Logic Seminar

Collin BleakUniversity of St. Andrews
Amending Lehnert's Conjecture

Friday, November 19, 2021 - 2:45pm
Malott 206

For a finitely generated group $G$ with generating set $X$, we say the word problem for $G$ (with respect to $X$) is the language of words (in generators and inverses) which equate to the identity in $G$. The coword problem of $G$ is then the complementary language. In a celebrated result of the 1980's, Muller and Schupp used Dunwoody Accessibility to show that the class CF of groups with context free word problem is precisely the class of finitely generated virtually free groups. In 2005, Holt, Rees, Roever and Thomas introduce the class CoCF of groups with context-free coword problem as a natural generalisation of the class of CF groups.

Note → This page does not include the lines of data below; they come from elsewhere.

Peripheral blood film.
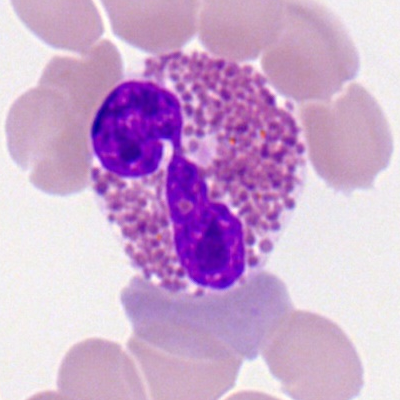 {"cell_type": "eosinophil"}
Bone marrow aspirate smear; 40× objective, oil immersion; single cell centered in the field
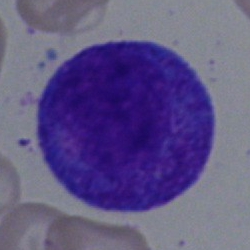

A progranulocyte.
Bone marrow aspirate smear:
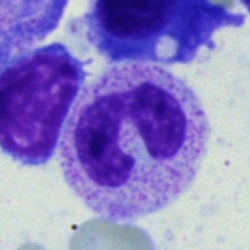 Cell type = segmented neutrophil.
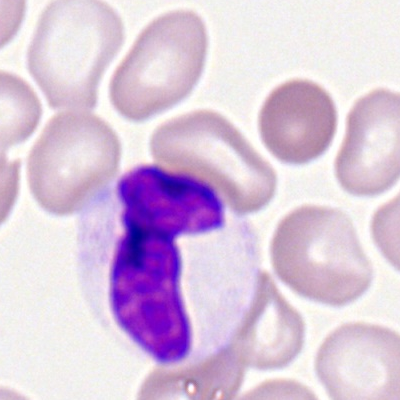

Specimen: peripheral blood smear.
Morphological class: neutrophil (segmented).
Lineage: myeloid.
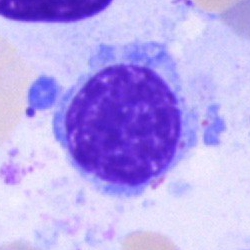Q: Which cell type is shown here?
A: This is a typical lymphocyte.
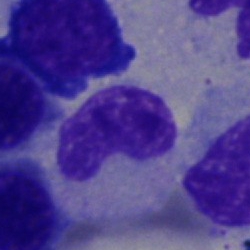

Morphological class = stab cell.
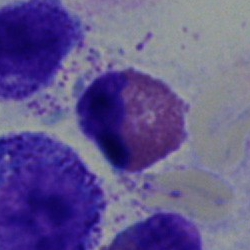
The cell is eosinophilic granulocyte.
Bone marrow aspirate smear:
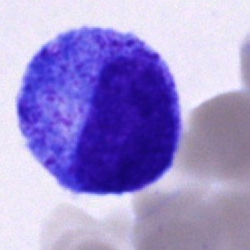
Specimen: bone marrow aspirate smear.
Cell type: promyelocyte.
Lineage: myeloid.
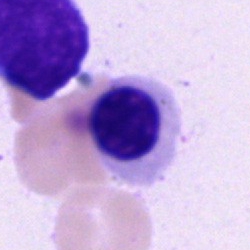Cell: nucleated red blood cell.
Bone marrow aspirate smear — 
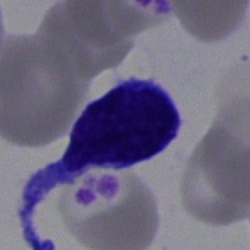 The cell shown is a typical lymphocyte.
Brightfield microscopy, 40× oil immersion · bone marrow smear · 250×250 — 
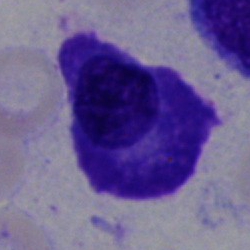Morphology consistent with a plasmacyte.
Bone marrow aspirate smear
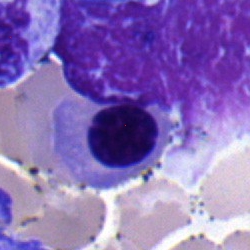 Morphology consistent with an erythroblast.
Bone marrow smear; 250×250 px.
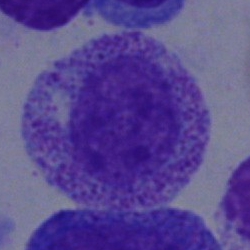 Q: What type of cell is this?
A: It is a myelocyte.
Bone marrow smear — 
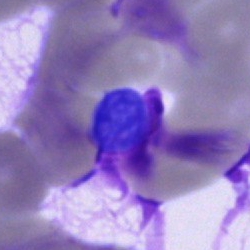Morphology consistent with an artifact.
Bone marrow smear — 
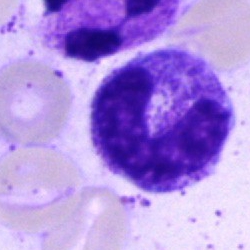 Specimen: bone marrow smear.
Classification: stab cell.
Lineage: myeloid.
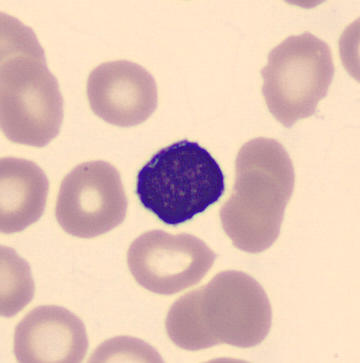 {"cell_type": "lymphocyte", "lineage": "lymphoid"}
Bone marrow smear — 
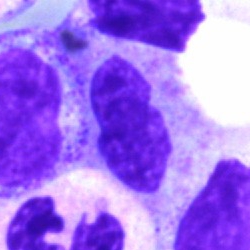
A band neutrophil.
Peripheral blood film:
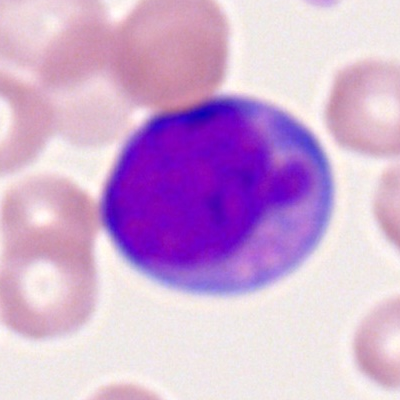

Q: What is the morphological classification of this cell?
A: Myeloid blast.
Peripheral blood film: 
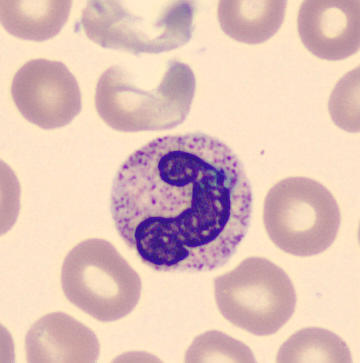Specimen: peripheral blood film.
Morphological class: neutrophil (segmented).
Lineage: myeloid.
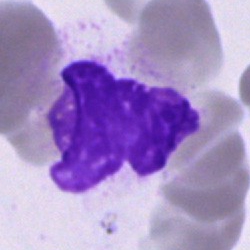 Specimen: bone marrow smear.
Cell type: cell of indeterminate lineage.
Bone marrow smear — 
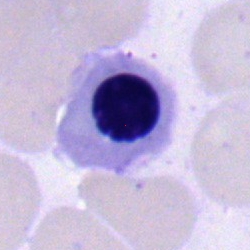
A nucleated red blood cell.
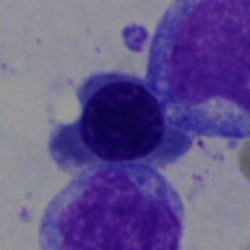Erythroblast.
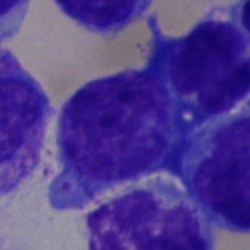
Q: What type of cell is this?
A: It is a blast cell.
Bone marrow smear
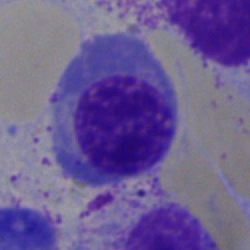 {"cell_type": "nucleated red blood cell", "lineage": "erythroid"}
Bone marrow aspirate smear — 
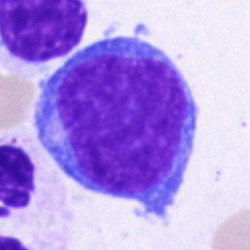Cell: blast cell.
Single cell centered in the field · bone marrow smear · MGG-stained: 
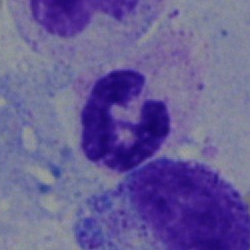 Morphology consistent with a polymorphonuclear neutrophil.
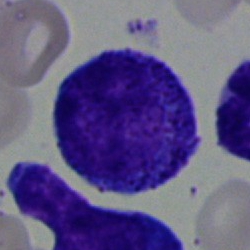Q: What type of cell is this?
A: This is a progranulocyte.
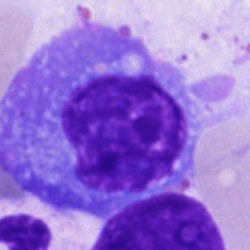
A plasmacyte.
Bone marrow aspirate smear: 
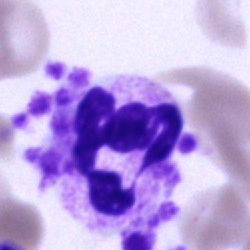
Specimen: bone marrow aspirate smear.
Morphological class: segmented neutrophil.
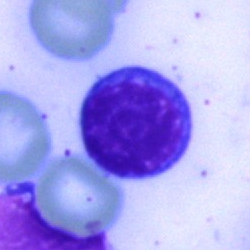{"cell_type": "typical lymphocyte"}
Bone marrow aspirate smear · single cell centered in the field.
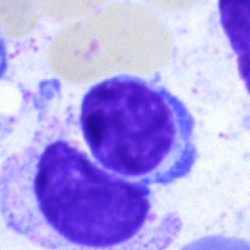
A lymphocyte.
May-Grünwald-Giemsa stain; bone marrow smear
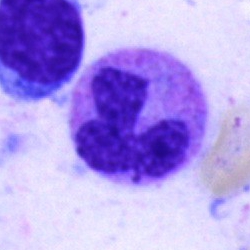Morphology → polymorphonuclear neutrophil.
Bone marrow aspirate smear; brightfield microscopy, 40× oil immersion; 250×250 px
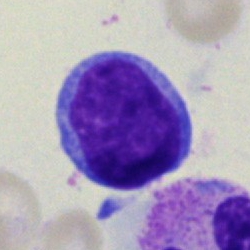 Blast cell.

In that initial paper, it was expected that R. Thompson's group $V$ was not in the class CoCF. However, Lehnert and Schweitzer show in 2007 that a group $\mathrm{QAut}(T_{2,c})$ is a CoCF group, and thus $V$, a subgroup of $\mathrm{QAut}(T_{2,c})$, is also CoCF. Lehnert also conjectured that a group is in CoCF if and only if it is finitely generated and embeds in $\mathrm{QAut}(T_{2,c})$. In this talk, we give an embedding of $\mathrm{QAut}(T_{2,c})$ into $V$, so that Lehnert's conjecture becomes: a group in the class CoCF if and only if it embeds as a finitely generated subgroup of $V$. Joint with Francesco Matucci.